■ Dataset extract:
== Segment start ==

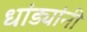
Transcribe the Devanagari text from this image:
धांड्यांनी
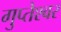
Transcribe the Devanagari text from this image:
गुप्तेश्‍वर
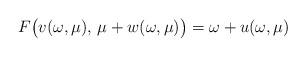
LaTeX: \begin{align*}F\bigl( v(\omega,\mu), \, \mu+w(\omega,\mu) \bigr) = \omega+u(\omega,\mu)\end{align*}
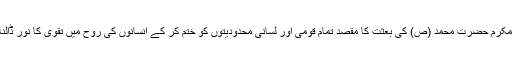
نبی مکرم حضرت محمد (ص) کی بعثت کا مقصد تمام قومی اور لسانی محدودیتوں کو ختم کر کے انسانوں کی روح میں تقوی کا نور ڈالنا تھا۔
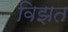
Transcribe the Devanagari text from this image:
विझत
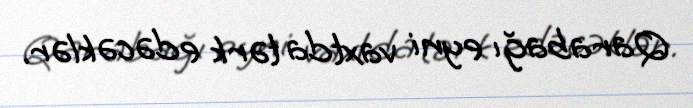
Qarabağı eyni vaxtda tərk edəcəklər.
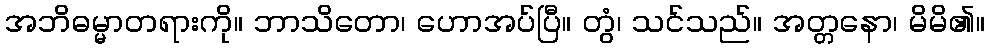
အဘိဓမ္မာတရားကို။ ဘာသိတော၊ ဟောအပ်ပြီ။ တွံ၊ သင်သည်။ အတ္တနော၊ မိမိ၏။
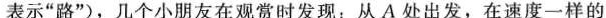
表示“路”)，几个小朋友在观赏时发现：从A处出发，在速度一样的
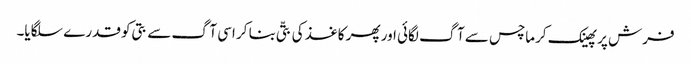
فرش پر پھینک کرماچس سے آگ لگائی اور پھر کاغذ کی بتّی بنا کر اسی آگ سے بتی کو قدرے سلگایا۔
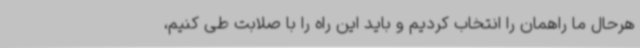
هرحال ما راهمان را انتخاب کردیم و باید این راه را با صلابت طی کنیم،
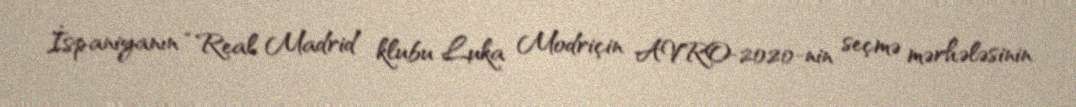
İspaniyanın “Real Madrid” klubu Luka Modriçin AVRO-2020-nin seçmə mərhələsinin
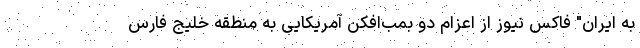
به ایران" فاکس نیوز از اعزام دو بمب‌افکن آمریکایی به منطقه خلیج فارس
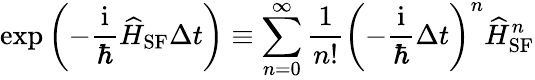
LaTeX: \exp\left(-\frac{\mathrm{i}}{\hbar}\widehat{H}_{\mathrm{SF}}\Delta t\right)\equiv\sum_{n=0}^{\infty}\frac{1}{n!}\left(-\frac{\mathrm{i}}{\hbar}\Delta t\right)^{n}\widehat{H}_{\mathrm{SF}}^{n}
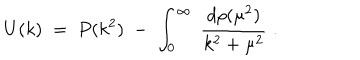
U ( k ) \; = \; P ( k ^ { 2 } ) \; - \; \int _ { 0 } ^ { \infty } \; \frac { d \rho ( \mu ^ { 2 } ) } { k ^ { 2 } + \mu ^ { 2 } } \; .
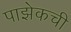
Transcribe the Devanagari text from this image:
पाझेकची
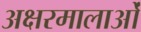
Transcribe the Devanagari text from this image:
अक्षरमालाओं
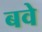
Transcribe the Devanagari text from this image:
बवे
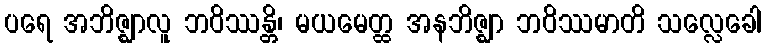
ပရေ အဘိဇ္ဈာလူ ဘဝိဿန္တိ၊ မယမေတ္ထ အနဘိဇ္ဈာ ဘဝိဿမာတိ သလ္လေခေါ
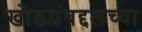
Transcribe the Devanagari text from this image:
खोड्यांबद्दलच्या
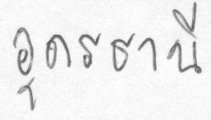
อุดรธานี
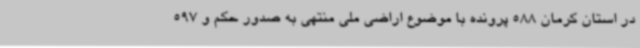
در استان کرمان 588 پرونده با موضوع اراضی ملی منتهی به صدور حکم و 597
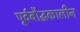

== Segment end ==

■ Work item: A word-for-word repetition of the data above, without pictures, is the expected answer.

■ Task answer:
Transcribe the Devanagari text from this image:
धांड्यांनी
Transcribe the Devanagari text from this image:
गुप्तेश्‍वर
LaTeX: \begin{align*}F\bigl( v(\omega,\mu), \, \mu+w(\omega,\mu) \bigr) = \omega+u(\omega,\mu)\end{align*}
نبی مکرم حضرت محمد (ص) کی بعثت کا مقصد تمام قومی اور لسانی محدودیتوں کو ختم کر کے انسانوں کی روح میں تقوی کا نور ڈالنا تھا۔
Transcribe the Devanagari text from this image:
विझत
Qarabağı eyni vaxtda tərk edəcəklər.
အဘိဓမ္မာတရားကို။ ဘာသိတော၊ ဟောအပ်ပြီ။ တွံ၊ သင်သည်။ အတ္တနော၊ မိမိ၏။
表示“路”)，几个小朋友在观赏时发现：从A处出发，在速度一样的
فرش پر پھینک کرماچس سے آگ لگائی اور پھر کاغذ کی بتّی بنا کر اسی آگ سے بتی کو قدرے سلگایا۔
هرحال ما راهمان را انتخاب کردیم و باید این راه را با صلابت طی کنیم،
İspaniyanın “Real Madrid” klubu Luka Modriçin AVRO-2020-nin seçmə mərhələsinin
به ایران" فاکس نیوز از اعزام دو بمب‌افکن آمریکایی به منطقه خلیج فارس
LaTeX: \exp\left(-\frac{\mathrm{i}}{\hbar}\widehat{H}_{\mathrm{SF}}\Delta t\right)\equiv\sum_{n=0}^{\infty}\frac{1}{n!}\left(-\frac{\mathrm{i}}{\hbar}\Delta t\right)^{n}\widehat{H}_{\mathrm{SF}}^{n}
U ( k ) \; = \; P ( k ^ { 2 } ) \; - \; \int _ { 0 } ^ { \infty } \; \frac { d \rho ( \mu ^ { 2 } ) } { k ^ { 2 } + \mu ^ { 2 } } \; .
Transcribe the Devanagari text from this image:
पाझेकची
Transcribe the Devanagari text from this image:
अक्षरमालाओं
Transcribe the Devanagari text from this image:
बवे
ပရေ အဘိဇ္ဈာလူ ဘဝိဿန္တိ၊ မယမေတ္ထ အနဘိဇ္ဈာ ဘဝိဿမာတိ သလ္လေခေါ
Transcribe the Devanagari text from this image:
खोड्यांबद्दलच्या
อุดรธานี
در استان کرمان 588 پرونده با موضوع اراضی ملی منتهی به صدور حکم و 597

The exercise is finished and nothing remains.